Friday 6 November 2015

Finding WW1 Soldiers in Your Family Tree

When I started out, I didn't think there were any WW1 soldiers in my family tree. Certainly there were no stories or tales of anybody having fought in WW1 as I was growing up.

One of my grandfathers died 8 years before I was born and his wife, my grandma, was living offshore, so I probably only met her 1-2x, with the last time being when I was about 5 years old. I had a local pair of grandparents, born in 1905 and 1908 though, so both too young to have been in WW1. I did hear a whisper that my (step) granddad had been in WW2 and was injured in some way, although I've no idea how. He died when I was 10.

So that was my lot! It's been a complete revelation to me, therefore, to have discovered some WW1 soldiers in the family tree.

The closest relative was my grandfather's brother, he died of illness. Many soldiers died of illnesses during the War, they weren't all shot in the trenches at all. There were many other reasons, illness was one and dying from wounds was another. Some died of wounds within days/weeks, and some died a few years later of those wounds.

I'll be creating a page with a list of all the soldiers in the tree I do find though, as I go along. Each will have their own post here, with a link back to the list of them all.

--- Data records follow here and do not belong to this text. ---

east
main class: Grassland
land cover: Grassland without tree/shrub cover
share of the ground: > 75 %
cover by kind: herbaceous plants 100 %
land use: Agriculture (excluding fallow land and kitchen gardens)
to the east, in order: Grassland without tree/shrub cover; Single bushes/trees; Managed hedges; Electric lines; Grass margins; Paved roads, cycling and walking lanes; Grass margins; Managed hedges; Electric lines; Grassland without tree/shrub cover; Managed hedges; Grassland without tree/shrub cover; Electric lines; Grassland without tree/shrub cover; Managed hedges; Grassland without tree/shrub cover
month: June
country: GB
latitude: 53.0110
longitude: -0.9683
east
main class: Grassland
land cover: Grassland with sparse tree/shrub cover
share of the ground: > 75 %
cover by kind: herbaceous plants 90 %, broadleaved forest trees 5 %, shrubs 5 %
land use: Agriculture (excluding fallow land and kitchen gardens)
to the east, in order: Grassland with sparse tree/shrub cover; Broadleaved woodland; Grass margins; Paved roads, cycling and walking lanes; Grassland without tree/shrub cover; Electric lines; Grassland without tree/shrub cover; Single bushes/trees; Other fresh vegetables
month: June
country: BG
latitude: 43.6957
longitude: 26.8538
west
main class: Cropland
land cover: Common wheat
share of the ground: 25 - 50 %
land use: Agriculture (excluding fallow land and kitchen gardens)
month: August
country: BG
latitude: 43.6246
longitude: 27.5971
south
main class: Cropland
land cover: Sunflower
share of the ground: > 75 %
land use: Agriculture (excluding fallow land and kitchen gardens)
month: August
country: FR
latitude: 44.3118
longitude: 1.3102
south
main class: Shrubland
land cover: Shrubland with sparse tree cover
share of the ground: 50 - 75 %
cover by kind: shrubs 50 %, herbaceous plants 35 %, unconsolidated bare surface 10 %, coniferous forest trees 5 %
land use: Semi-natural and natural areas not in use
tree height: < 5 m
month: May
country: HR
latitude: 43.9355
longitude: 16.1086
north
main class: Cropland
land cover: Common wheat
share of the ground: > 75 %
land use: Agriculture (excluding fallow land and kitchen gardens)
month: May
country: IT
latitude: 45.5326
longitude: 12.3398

It's all quite sad as you think about the fact they never went home. Most didn't "choose" to fight, it was what you had to do. You were either shamed into it, bullied by locals, or conscripted in. Just sent off to die, with their poor mothers simply receiving a letter. It's all very sad really.

I've found about five WW1 soldiers to date. While some have been commemorated on their local war memorial, I've found one who seems to have been overlooked. I've yet to work out why, exactly. I think it's because the family moved around a little bit, so they weren't part of the furniture, so to speak. One who was probably aged 8-16, then moved 200 miles away (back to his home county, but not his originating village) and was then killed in the war - so I doubt the locals knew him - and the lads he'd grown up with never knew he'd died.

Most don't have a grave at all, they're simply commemorated on a wall abroad. So tragic for their families that they didn't even have the knowledge that their son/brother/husband's body had been given any dignity with a proper burial.